=== Section Start ===
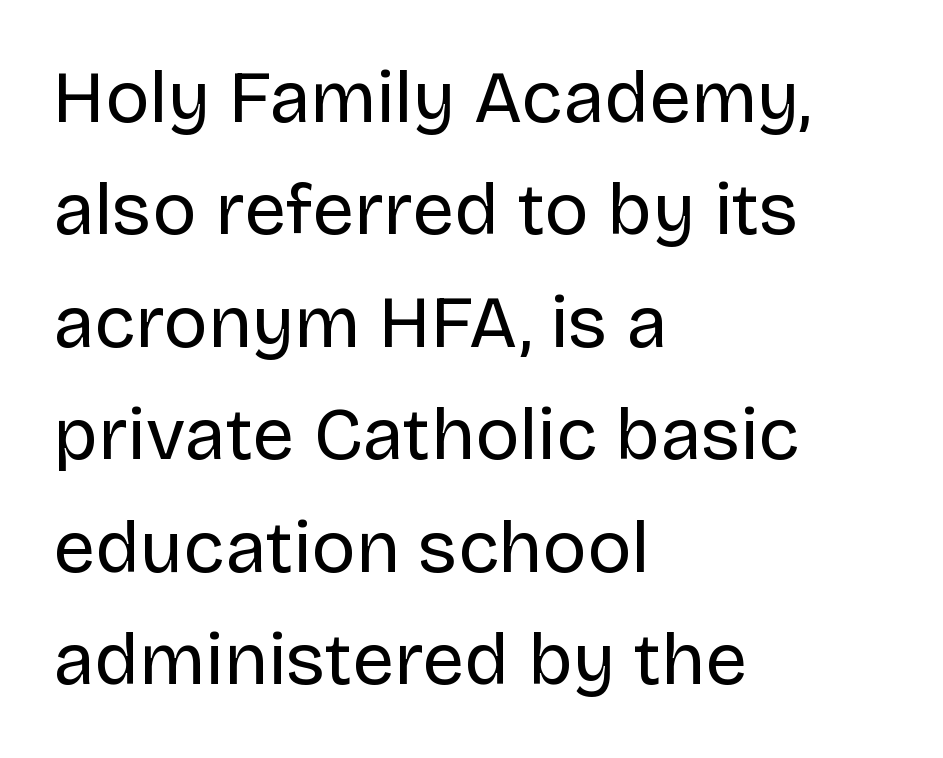
{"serif": "no", "italic": "no", "bold": "no", "weight": "regular", "width": "normal", "stroke_contrast": "low", "x_height": "large", "monospaced": "no", "underline": "no", "align": "left", "line_spacing": "normal", "line_spacing_ratio": 1.52, "letter_spacing": "normal", "letter_spacing_em": 0.0, "glyph_px": 74}
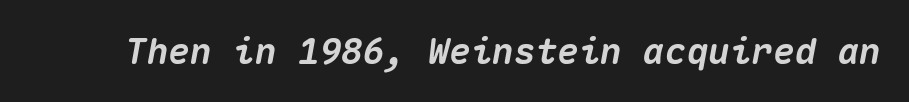
Q: Is the text bold? A: Yes.
Q: Is the text italic (slanted)? A: Yes, it leans right by about 10 degrees.
Q: Is the text underlined? A: No.
Q: Is the spacing between letters normal or unusually wide? A: Normal.
Q: Width (condensed, normal, or wide)? A: Normal.
Q: Stroke contrast? A: Medium.
Q: x-height? A: Medium.
Q: Monospaced? A: Yes.
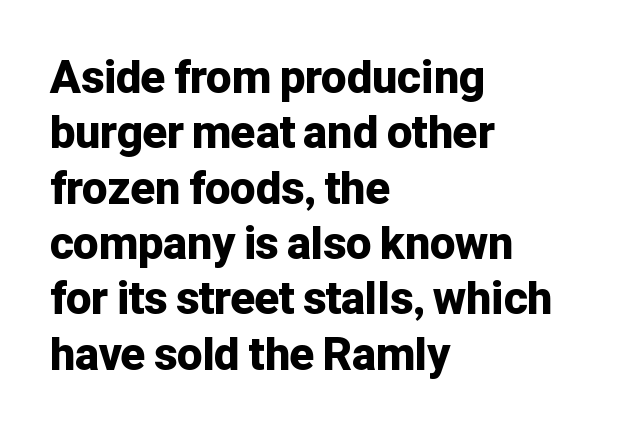
Q: Is the text bold? A: Yes.
Q: Is the text italic (slanted)? A: No, it is upright.
Q: Is the typeface a serif or a sans-serif typeface? A: Sans-serif.
Q: Is the text underlined? A: No.
Q: How is the paragraph aligned? A: Left-aligned.
Q: Is the spacing between letters normal or unusually wide? A: Normal.
Q: Width (condensed, normal, or wide)? A: Normal.
Q: Stroke contrast? A: Low.
Q: x-height? A: Medium.
Q: Monospaced? A: No.
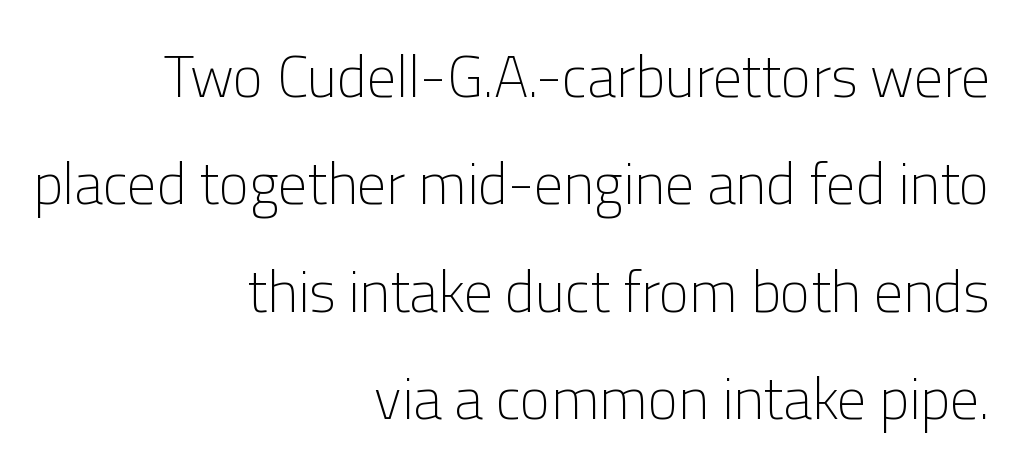
The image shows 58 px light sans-serif type, upright; set right-aligned, line spacing 1.85x, normal letter spacing, not underlined; low stroke contrast and a medium x-height.
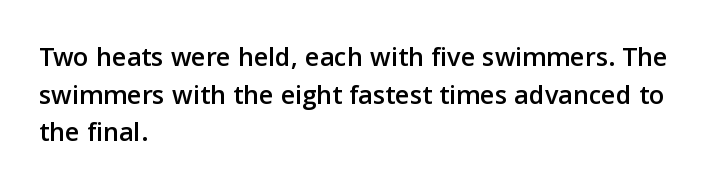
Is there much room between lines? A standard amount, neither cramped nor airy. The face used here is a sans, in the tradition of grotesques and geometrics. This sample uses plain, unmodified letter spacing. You can tell it's not italic because the verticals are truly vertical.
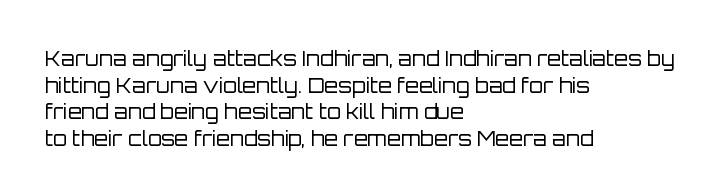
The image shows 20 px text type, upright; set left-aligned, normal line spacing (1.33x), normal letter spacing, not underlined.
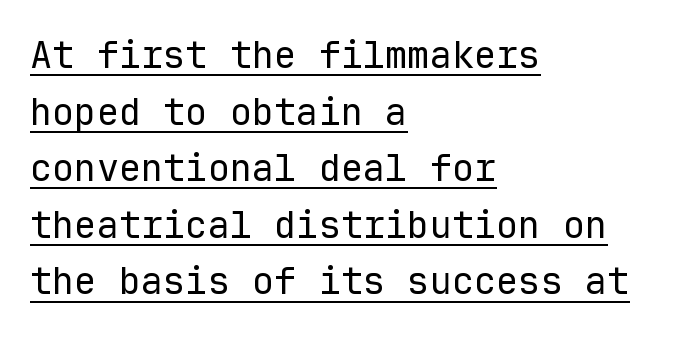
The rendering keeps characters at their native spacing. Looks like terminal output: every glyph gets an equal slot. Is this a sans? Yes — the strokes have no serifs. A continuous stroke trails under the words, as in a hyperlink. If you drew a line through each stem, it would be perfectly vertical.
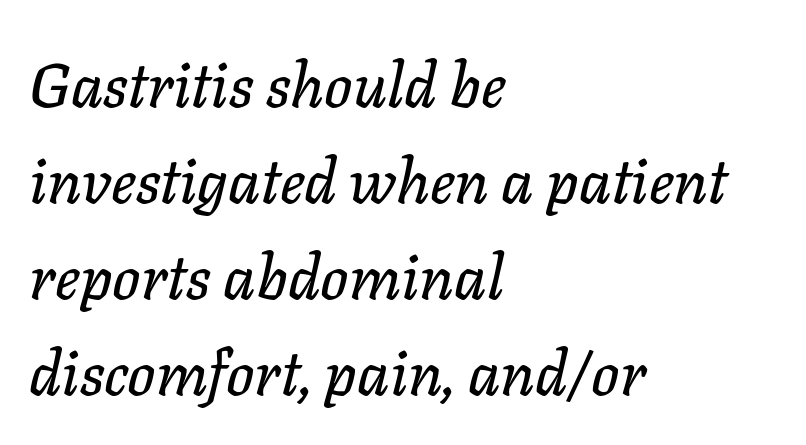
The passage shown is typed in a proportional face where columns would drift. Is the type slanted? Yes — the strokes lean at a clear angle. Is the block centered? No — it sits flush against the left margin. Any mark beneath the type? The region is blank.
=== Section End ===
[WHAT THE TASK ASKS] From the line containing "Q: Stroke contrast? A: Medium." to the last line of the records above, return each line exactly, both ends included, and nothing more. Leave out the pictures.

[TASK SOLUTION]
Q: Stroke contrast? A: Medium.
Q: x-height? A: Medium.
Q: Monospaced? A: Yes.
Q: Is the text bold? A: Yes.
Q: Is the text italic (slanted)? A: No, it is upright.
Q: Is the typeface a serif or a sans-serif typeface? A: Sans-serif.
Q: Is the text underlined? A: No.
Q: How is the paragraph aligned? A: Left-aligned.
Q: Is the spacing between letters normal or unusually wide? A: Normal.
Q: Width (condensed, normal, or wide)? A: Normal.
Q: Stroke contrast? A: Low.
Q: x-height? A: Medium.
Q: Monospaced? A: No.
The image shows 58 px light sans-serif type, upright; set right-aligned, line spacing 1.85x, normal letter spacing, not underlined; low stroke contrast and a medium x-height.
Is there much room between lines? A standard amount, neither cramped nor airy. The face used here is a sans, in the tradition of grotesques and geometrics. This sample uses plain, unmodified letter spacing. You can tell it's not italic because the verticals are truly vertical.
The image shows 20 px text type, upright; set left-aligned, normal line spacing (1.33x), normal letter spacing, not underlined.
The rendering keeps characters at their native spacing. Looks like terminal output: every glyph gets an equal slot. Is this a sans? Yes — the strokes have no serifs. A continuous stroke trails under the words, as in a hyperlink. If you drew a line through each stem, it would be perfectly vertical.
The passage shown is typed in a proportional face where columns would drift. Is the type slanted? Yes — the strokes lean at a clear angle. Is the block centered? No — it sits flush against the left margin. Any mark beneath the type? The region is blank.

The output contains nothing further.